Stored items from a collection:

§

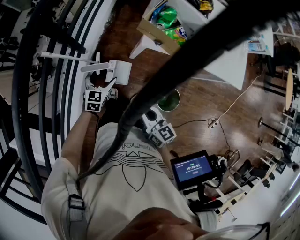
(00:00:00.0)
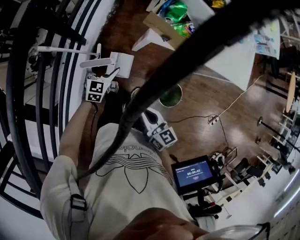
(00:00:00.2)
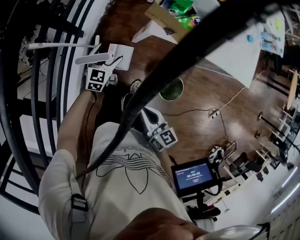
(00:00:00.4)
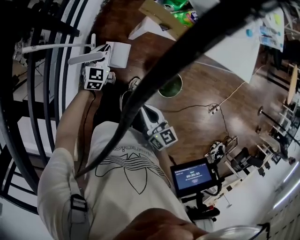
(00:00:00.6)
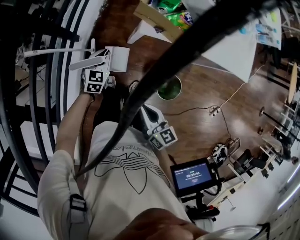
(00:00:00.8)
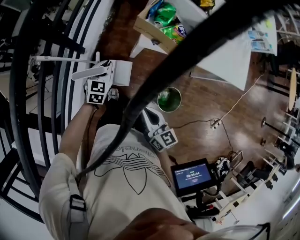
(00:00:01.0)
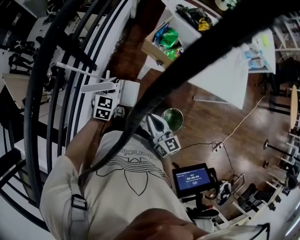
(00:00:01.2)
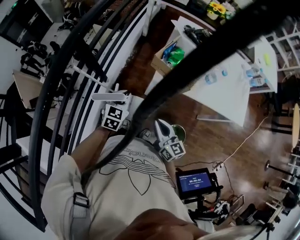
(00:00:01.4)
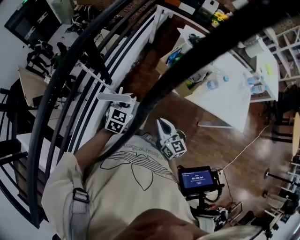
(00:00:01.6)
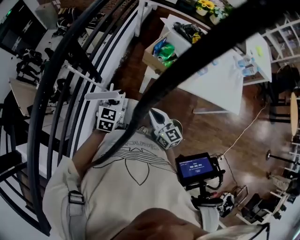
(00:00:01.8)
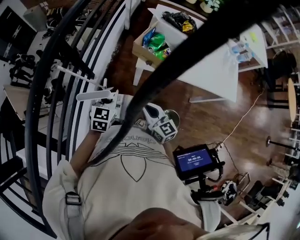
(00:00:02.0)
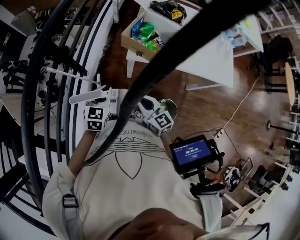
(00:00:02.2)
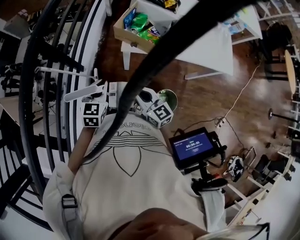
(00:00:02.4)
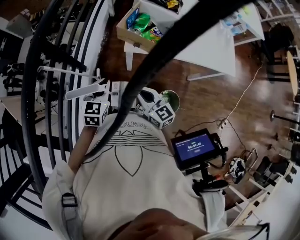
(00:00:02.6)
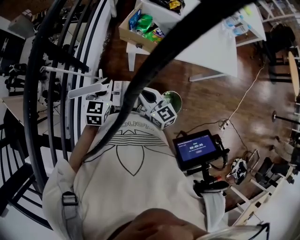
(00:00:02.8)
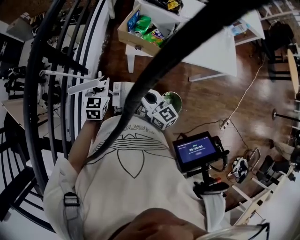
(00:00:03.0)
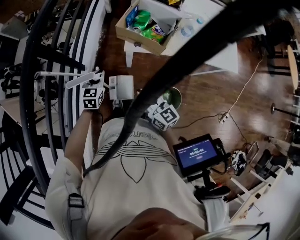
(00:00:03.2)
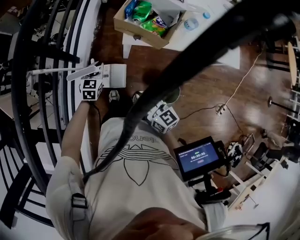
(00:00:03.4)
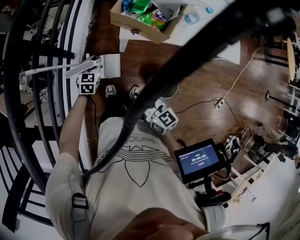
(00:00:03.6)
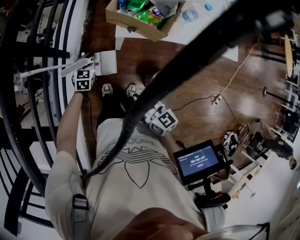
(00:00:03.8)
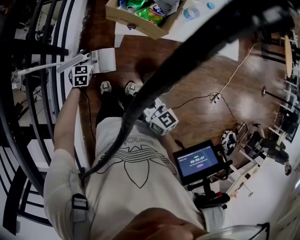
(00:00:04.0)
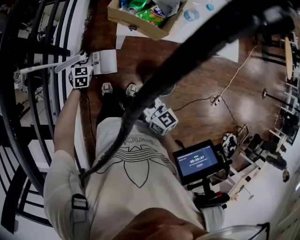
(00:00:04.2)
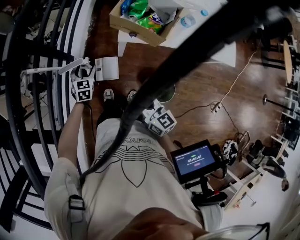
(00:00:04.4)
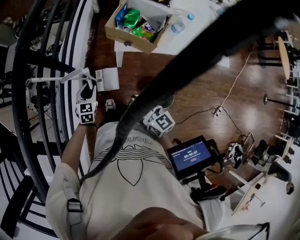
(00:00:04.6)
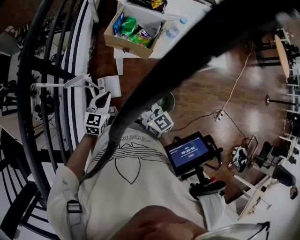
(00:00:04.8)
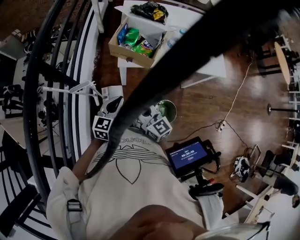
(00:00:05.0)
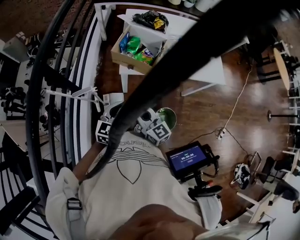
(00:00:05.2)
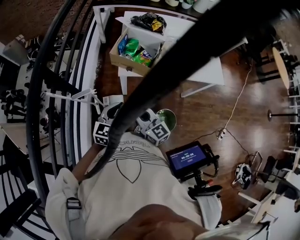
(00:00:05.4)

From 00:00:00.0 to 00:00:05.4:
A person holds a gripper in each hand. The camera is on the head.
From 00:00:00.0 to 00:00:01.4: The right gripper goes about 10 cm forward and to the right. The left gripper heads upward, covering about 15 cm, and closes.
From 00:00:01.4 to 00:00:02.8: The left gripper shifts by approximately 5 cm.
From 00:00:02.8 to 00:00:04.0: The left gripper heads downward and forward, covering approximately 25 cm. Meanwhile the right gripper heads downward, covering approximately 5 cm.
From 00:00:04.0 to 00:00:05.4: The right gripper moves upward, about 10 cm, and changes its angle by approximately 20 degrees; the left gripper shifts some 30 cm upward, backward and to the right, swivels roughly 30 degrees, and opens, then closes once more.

§

■ **Exercise directions**: Return verbatim every line from the one holding "(00:00:04.2)" to the end of the records above. Do not copy the pictures.

■ **Reply**:
(00:00:04.2)
(00:00:04.4)
(00:00:04.6)
(00:00:04.8)
(00:00:05.0)
(00:00:05.2)
(00:00:05.4)

From 00:00:00.0 to 00:00:05.4:
A person holds a gripper in each hand. The camera is on the head.
From 00:00:00.0 to 00:00:01.4: The right gripper goes about 10 cm forward and to the right. The left gripper heads upward, covering about 15 cm, and closes.
From 00:00:01.4 to 00:00:02.8: The left gripper shifts by approximately 5 cm.
From 00:00:02.8 to 00:00:04.0: The left gripper heads downward and forward, covering approximately 25 cm. Meanwhile the right gripper heads downward, covering approximately 5 cm.
From 00:00:04.0 to 00:00:05.4: The right gripper moves upward, about 10 cm, and changes its angle by approximately 20 degrees; the left gripper shifts some 30 cm upward, backward and to the right, swivels roughly 30 degrees, and opens, then closes once more.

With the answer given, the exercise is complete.